On ASA Log I saw the entry Teardown TCP connection ......... No valid adjacency
Could anyone tell me, what's the problem and how can I solve this?
It seems issue is there on the reply packets. Can you tell me why there is "access-group DMZ-1_access_in in interface DMZ-1" on DMZ-1 interface without any ACL ? I did not find any ACL. If there is no ACL then please remove it.
Sorry. There are some acls
access-list DMZ-1_access_in extended deny ip object NET_10.10.10.0_DMZ-1 object-group OG_Internal-Networks
access-list DMZ-1_access_in extended permit tcp object DMZ-SRV_Test any object-group DM_INLINE_TCP_1
access-list DMZ-1_access_in extended permit icmp object NET_10.10.10.0_DMZ-1 any
access-group DMZ-1_access_in in interface DMZ-1
I saw this article but it does not solfe my problem
Does anybody have an idea what the problem could be?
When I do incoming nat on OUTSIDE it works.
When I do incoming nat on WAN-2 I get the error "no valif adjacence"
Outgoing traffic over WAN-2 works without problems.

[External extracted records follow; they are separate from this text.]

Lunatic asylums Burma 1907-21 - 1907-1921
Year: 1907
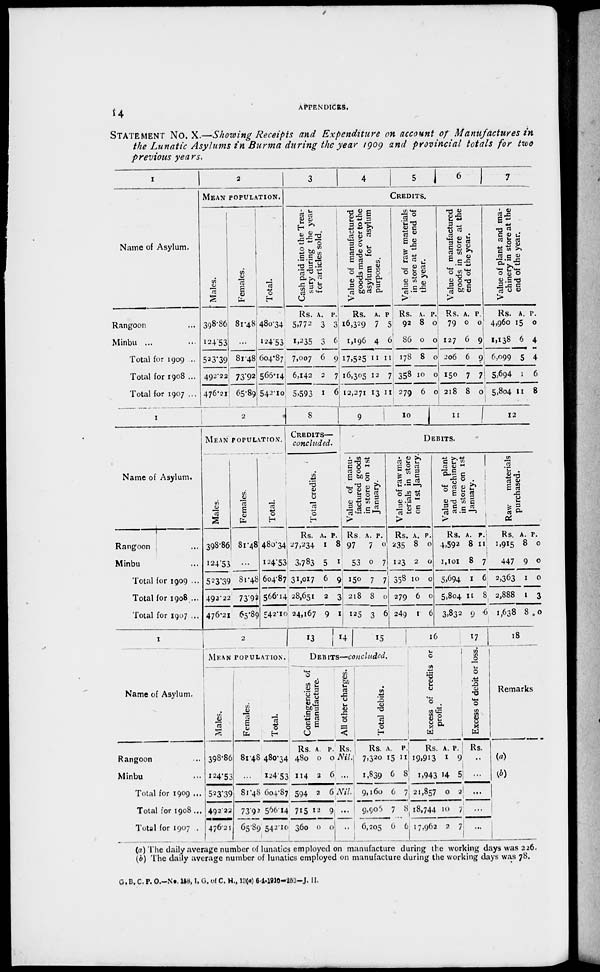
14
APPENDICES.
STATEMENT No. X.—Showing Receipts and Expenditure on account of Manufactures in
the Lunatic Asylums in Burma during the year 1909 and provincial totals for two
previous years.
1
Name of Asylum.
Rangoon ...
Minbu ... ...
Total for 1909 ...
Total for 1908 ...
Total for 1907 ...
2
MEAN POPULATION.
Males.
398.86
124.53
523.39
492.22
476.21
Females.
81.48
...
81.48
73.92
65.89
Total.
480.34
124.53
604.87
566.14
542.10
3
4
5
6
7
CREDITS.
Cash paid into the Trea-
sury during the year
for articles sold.
Rs.
5,772
1,235
7,007
6,142
5,593
A.
3
3
6
2
1
P.
3
6
9
7
6
Value of manufactured
goods made over to the
asylum for asylum
purposes.
Rs.
16,329
1,196
17,525
16,305
12,271
A.
7
4
11
12
13
P.
5
6
11
7
11
Value of raw materials
in store at the end of
the year.
Rs.
92
86
178
358
279
A.
8
0
8
10
6
P.
0
0
0
0
0
Value of manufactured
goods in store at the
end of the year.
Rs.
79
127
206
150
218
A.
0
6
6
7
8
P.
0
9
9
7
0
Value of plant and ma-
chinery in store at the
end of the year.
Rs.
4,960
1,138
6,099
5,694
5,804
A.
15
6
5
1
11
P.
0
4
4
6
8
1
Name of Asylum.
Rangoon ...
Minbu ...
Total for 1909 ...
Total for 1908 ...
Total for 1907 ...
2
MEAN POPULATION.
Males.
398.86
124.53
523.39
492.22
476.21
Females.
81.48
...
81.48
73.92
65.89
Total.
480.34
124.53
604.87
566.14
542.10
8
CREDITS—
concluded.
Total credits.
Rs.
27,234
3,783
31,017
28,651
24,167
A.
1
5
6
2
9
P. 8
1
9
3
1
9
10
11
12
DEBITS.
Value of manu-
factured goods
in store on 1st
January.
Rs.
97
53
150
218
125
A.
7
0
7
8
3
P.
0
7
7
0
6
Value of raw ma-
terials in store
on 1st January.
Rs.
235
123
358
279
249
A.
8
2
10
6
1
P.
0
0
0
0
6
Value of plant
and machinery
in store on 1st
January.
Rs.
4,592
1,101
5,694
5,804
3,832
A.
8
8
1
11
9
P.
11
7
6
8
6
Raw
materials
purchased.
Rs.
1,915
447
2,363
2,888
1,638
A.
8
9
1
1
8
P.
0
0
0
3
0
1
Name of Asylum.
Rangoon ...
Minbu ...
Total for 1909 ...
Total for 1908 ...
Total for 1907 ...
2
MEAN POPULATION.
Males.
398.86
124.53
523.39
492.22
476.21
Females.
81.48
...
81.48
73.92
65.89
Total.
480.34
124.53
604.87
566.14
542.10
13
14
15
DEBITS—concluded.
Contingencies of
manufacture.
Rs.
480
114
594
715
360
A.
0
2
2
12
0
P.
0
6
6
9
0
All other charges.
Rs.
Nil.
...
Nil.
...
...
Total debits.
Rs.
7,320
1,839
9,160
9,905
6,205
A.
15
6
6
7
6
P.
11
8
7
8
6
16
Excess of credits or
profit.
Rs.
19,913
1,943
21,857
18,744
17,962
A.
1
14
0
10
2
P.
9
5
2
7
7
17
Excess of debit or loss.
Rs.
...
...
...
...
...
18
Remarks.
(a)
(b)
(a) The daily average number of lunatics employed on manufacture during the working days was 226.
(b) The daily average number of lunatics employed on manufacture during the working days was 78.
G. D. C. P. O.—No. 158, I. G. of C. H., 13(a) 6-1-1910-253—J. H.
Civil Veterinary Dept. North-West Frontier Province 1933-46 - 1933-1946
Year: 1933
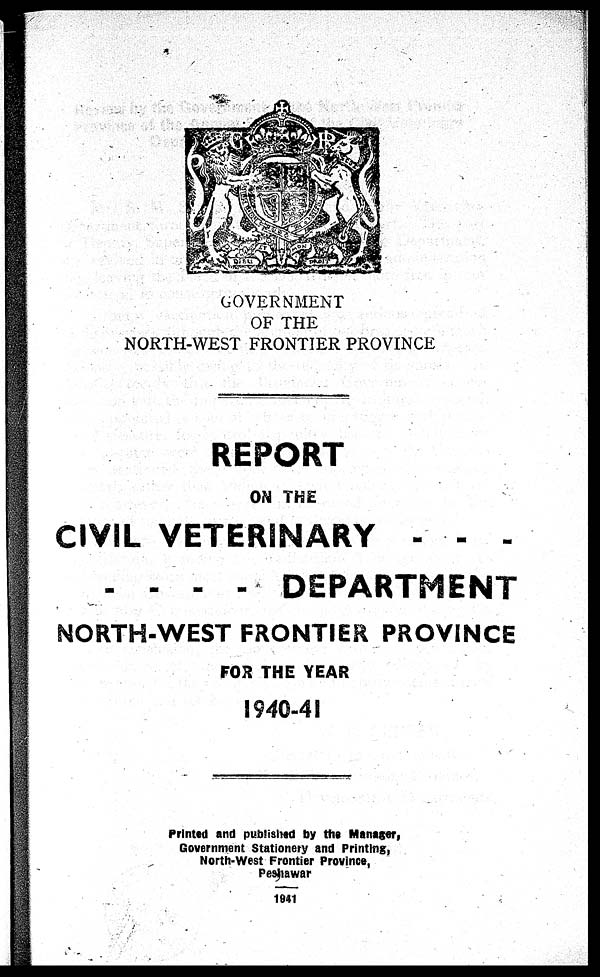
GOVERNMENT
OF THE
NORTH-WEST FRONTIER PROVINCE
REPORT
ON THE
CIVIL VETERINARY - - -
- - - - DEPARTMENT
NORTH-WEST FRONTIER PROVINCE
FOR THE YEAR
1940-41
Printed and published by the Manager,
Government Stationery and Printing,
North-West Frontier Province,
Peshawar
1941

Thanks for sharing, all looks good to me. Not sure why it is happening on WAN-2 since DMZ-1 is directly connected.
From the link you shared, problem will be there if we use "any" but you already specified the interface. Regarding WAN-1 are you using similar config right and scneario ?
sorry for the confusion, problem might could happen if u use (any, WAN-2) instead of ( DMZ-1, WAN-2 ).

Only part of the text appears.